Preterm birth and pre-eclampsia are not the only concerns in myasthenic pregnant women. Other life-threatening risks include respiratory failure and cholinergic crisis due to overmedication. It is of use to monitor pulmonary function as the patient progresses through gestation. In addition, an electrocardiogram is indicated for the reported risk of focal myocardial necrosis in some patients with MG . Care includes evaluation of thyroid function to rule out coexisting thyroid disease.
Fetal assessment tests that rely on alterations of fetal movement or heart rate response to fetal movement are not always reliable in the myasthenic patient. This includes the patient’s perception of fetal movement. During a myasthenic crisis, continuous fetal monitoring of a viable fetus is indicated because the patient and fetus may be hypoxic.
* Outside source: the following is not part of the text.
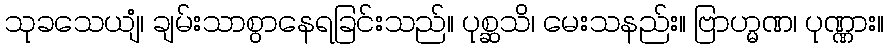
သုခသေယျံ၊ ချမ်းသာစွာနေရခြင်းသည်။ ပုစ္ဆသိ၊ မေးသနည်း။ ဗြာဟ္မဏ၊ ပုဏ္ဏား။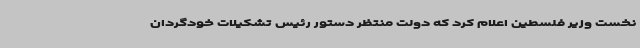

Polyhydramnios as a severe complication resulting from impaired fetal swallowing has been described in several case reports. In extreme cases, fetal arthrogryposis multiplex congenita may be observed in pregnant myasthenic patients. In these cases, lack of fetal movement causes joint contractures and paralysis of the fetal diaphragm results in the development of pulmonary hypoplasia . In some studies evaluating arthrogryposis multiplex congenita, high maternal antiacetylcholine receptor autoantibody titers appear related to the occurrence of fetal/neonatal symptoms . Decreased fetal breathing and total body movements were observed on ultrasound with increasing antibody titers ( Table 3.1 ). Passive placental transfer of antiacetylcholine receptor IgG can be responsible for symptoms in the fetus pre-natally and may cause transient neonatal MG after delivery.